Para el día de hoy (17/02/20):
Evangelio según San Marcos 8, 11-13
Ellos suben a una barca y cruzan el lago. Han regresado a la Galilea en donde todo ha comenzado, y nomás desembarcando, los severos fariseos enfrentan al Maestro con patentes ganas de confrontar, de descalificar y un ausente ánimo de encontrar la verdad.
No lo dejan en paz, y es significativo que la pelea planteada suceda en la ribera: lo estaban esperando con ese único fin avieso.
El Evangelista en ese punto es preciso: le piden a Jesús un signo del cielo para ponerlo a prueba.
De aquí podemos inferir dos cuestiones principales: por un lado, tenían la intención de que el Maestro cometiera un error y así ponerle en ridículo frente a todas esas gentes que lo seguían en un número cada vez mayor. Pero por otro lado, hay otro interés oculto, tácito, y es que a ellos les brinde una señal de esas características. Parece que lo que no es sometido a su escrutinio y a su aprobación, debe ser rechazado de plano y considerado anatema, ajeno a Dios.
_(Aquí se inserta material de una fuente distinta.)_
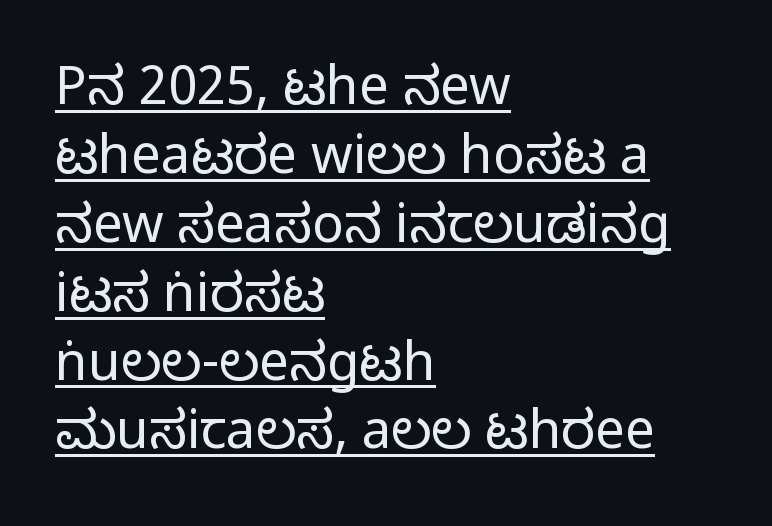
The image shows 53 px regular-weight, condensed sans-serif type, upright; set left-aligned, normal line spacing (1.3x), normal letter spacing, underlined; low stroke contrast and a large x-height.
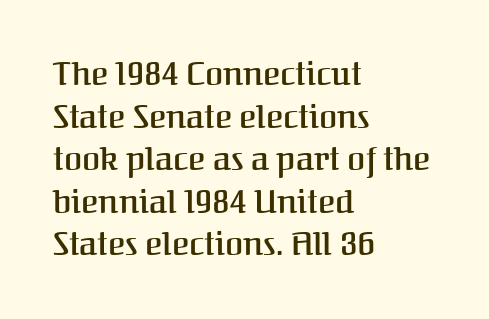
The image shows 33 px semibold serif type, upright; set left-aligned, normal line spacing (1.29x), normal letter spacing, not underlined; medium stroke contrast and a medium x-height.
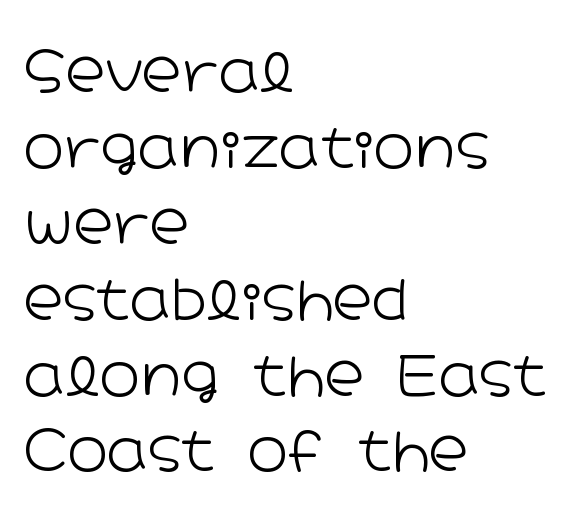
{"serif": "no", "italic": "no", "bold": "no", "weight": "light", "width": "wide", "stroke_contrast": "low", "x_height": "medium", "monospaced": "no", "underline": "no", "align": "left", "line_spacing": "normal", "line_spacing_ratio": 1.38, "letter_spacing": "normal", "letter_spacing_em": 0.0, "glyph_px": 55}
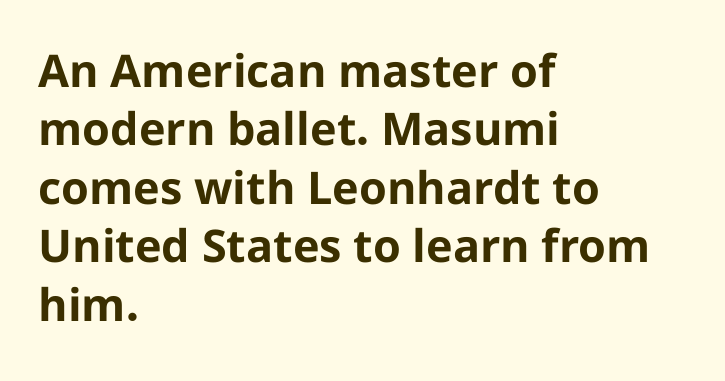
Q: Is the text bold? A: Yes.
Q: Is the text italic (slanted)? A: No, it is upright.
Q: Is the typeface a serif or a sans-serif typeface? A: Sans-serif.
Q: Is the text underlined? A: No.
Q: How is the paragraph aligned? A: Left-aligned.
Q: Is the spacing between letters normal or unusually wide? A: Normal.
Q: Is the spacing between lines tight, normal or loose? A: Normal.
Q: Width (condensed, normal, or wide)? A: Normal.
Q: Stroke contrast? A: Low.
Q: x-height? A: Medium.
Q: Monospaced? A: No.
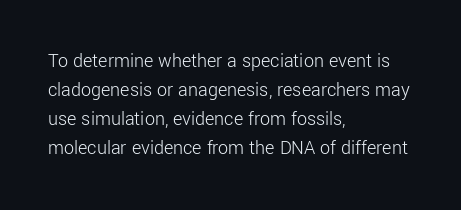
Q: Is the text bold? A: No.
Q: Is the text italic (slanted)? A: No, it is upright.
Q: Is the text underlined? A: No.
Q: How is the paragraph aligned? A: Left-aligned.
Q: Is the spacing between letters normal or unusually wide? A: Normal.
Q: Is the spacing between lines tight, normal or loose? A: Normal.
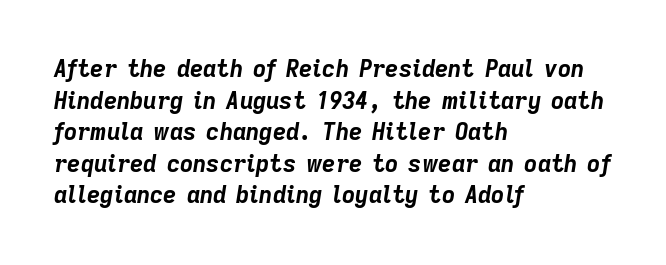
Emphasis-style slanted type is in use. Short and long lines alike share a common starting point at left. Quick note: interline space is typical. A full-strength bold gives these letters their thick strokes.
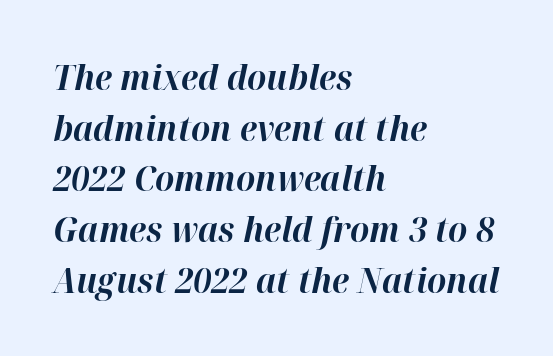
The image shows 34 px bold type, italic (leaning right); set left-aligned, normal line spacing (1.49x), normal letter spacing, not underlined; high stroke contrast and a medium x-height.

En síntesis, requieren una señal milagrosa, un portento visible y descomunal que confirme la autoridad divina que ese rabbí harapiento pretende esgrimir. Sin dudas, hay cierta actitud de superioridad despreciativa: son los cultos y pulcros ortodoxos que, en el fondo, desprecian a ese galileo de aires campesinos, cuyo mismo acento lo delata, un paisano casi impuro, un kelper de la fé de Israel.
Por ello el Maestro suspira profundamente, y es un gemido y un dolor que proviene de las honduras de su alma. Esos hombres son muy religiosos, y sin embargo son unos incrédulos enconados. Para ellos ninguna señal, por evidente que fuere, será suficiente, y por eso mismo no tendrán ninguna señal al modo que ellos exigen.
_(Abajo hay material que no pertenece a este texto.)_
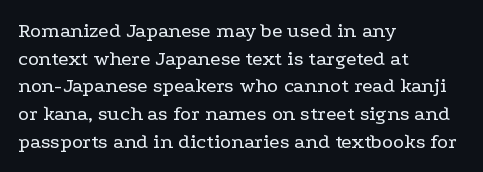
Every stem runs plumb, perpendicular to the baseline. Leftover space on each line is placed entirely after the last word. Check the space under the baseline: it is left empty. This reads as an unemphasized weight, regular at the heaviest. Caption: standard tracking, unaltered.
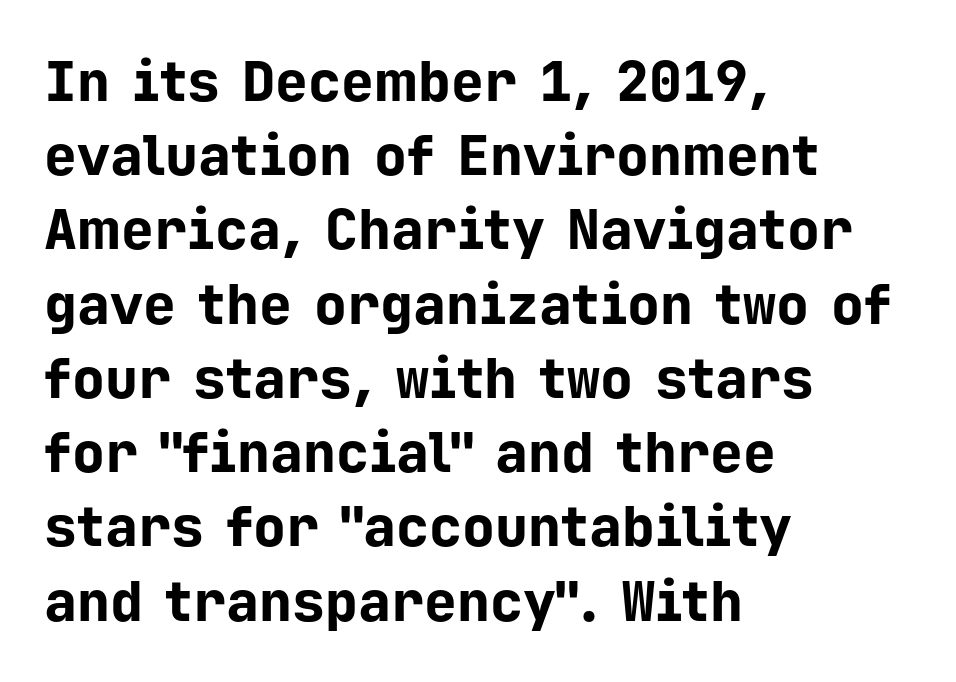
Q: Is the text bold? A: Yes.
Q: Is the text italic (slanted)? A: No, it is upright.
Q: Is the typeface a serif or a sans-serif typeface? A: Sans-serif.
Q: Is the text underlined? A: No.
Q: How is the paragraph aligned? A: Left-aligned.
Q: Is the spacing between letters normal or unusually wide? A: Normal.
Q: Is the spacing between lines tight, normal or loose? A: Normal.
Q: Width (condensed, normal, or wide)? A: Normal.
Q: Stroke contrast? A: Low.
Q: x-height? A: Medium.
Q: Monospaced? A: Yes.

Porque tanto para esos fariseos como para nosotros, todo está allí aunque se nos oculte a nuestros limitados ojos. Las señales del cielo resplandecen como estrellas de Belén que nos señalan el camino para los corazones que se animen a mirar y ver más allá de lo evidente.
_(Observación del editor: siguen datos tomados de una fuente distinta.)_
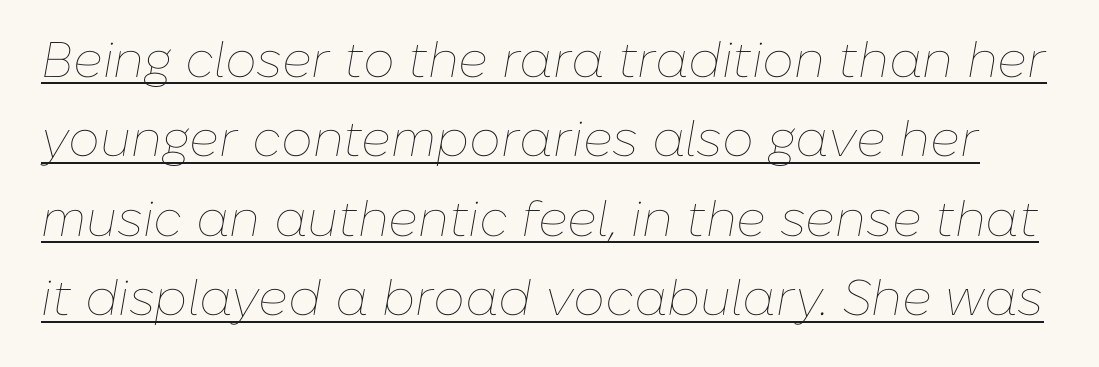
{"italic": "yes", "lean": "right", "slant_degrees": 10, "bold": "no", "weight": "thin", "width": "normal", "stroke_contrast": "low", "x_height": "medium", "monospaced": "no", "underline": "yes", "line_spacing": "normal", "line_spacing_ratio": 1.59, "letter_spacing": "normal", "letter_spacing_em": 0.0, "glyph_px": 50}
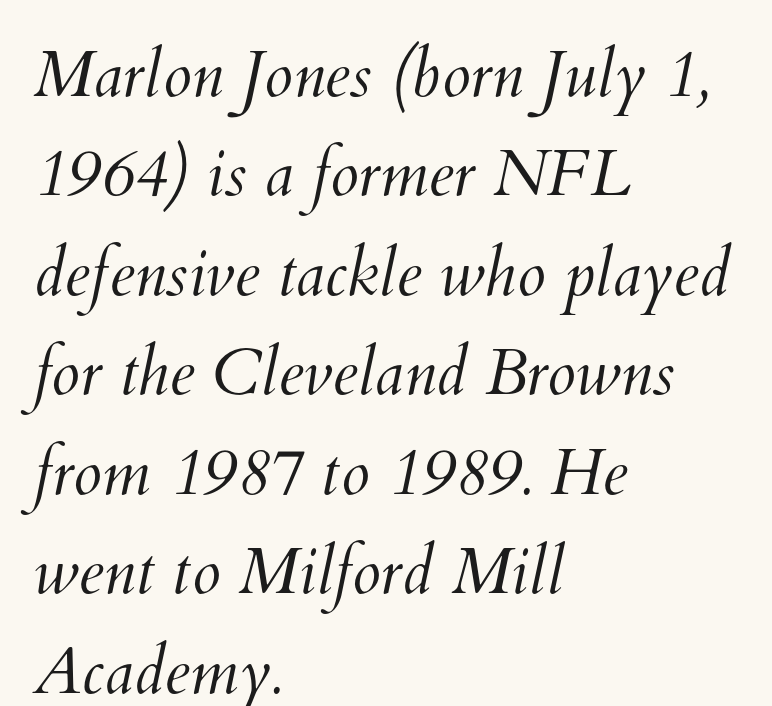
The zone under the glyphs is completely vacant. Characters follow at the spacing the type designer built in. One glance says typical: line gaps are just what's usual. Think standard paragraph weight, or any step lighter than that.

Señales de fraternidad, de solidaridad, de servicio, de vidas ofrecidas. Pequeños gestos de cortesía y amabilidad. Silenciosos esfuerzos de todos los que viven vidas orante para sustento de todos nosotros, en la mansa soledad conventual. Madres como ángeles que mantienen a raya los demonios del hambre. Los hombres honestos que desertan abiertamente de cualquier corrupción. Los que cuidan a los indefensos. La serena alegría compartida. Tantos gestos y acciones concretas, tantas señales del cielo y la señal mayor, la Resurrección que es vida que no se termina, eternidad y don de Dios para toda la humanidad.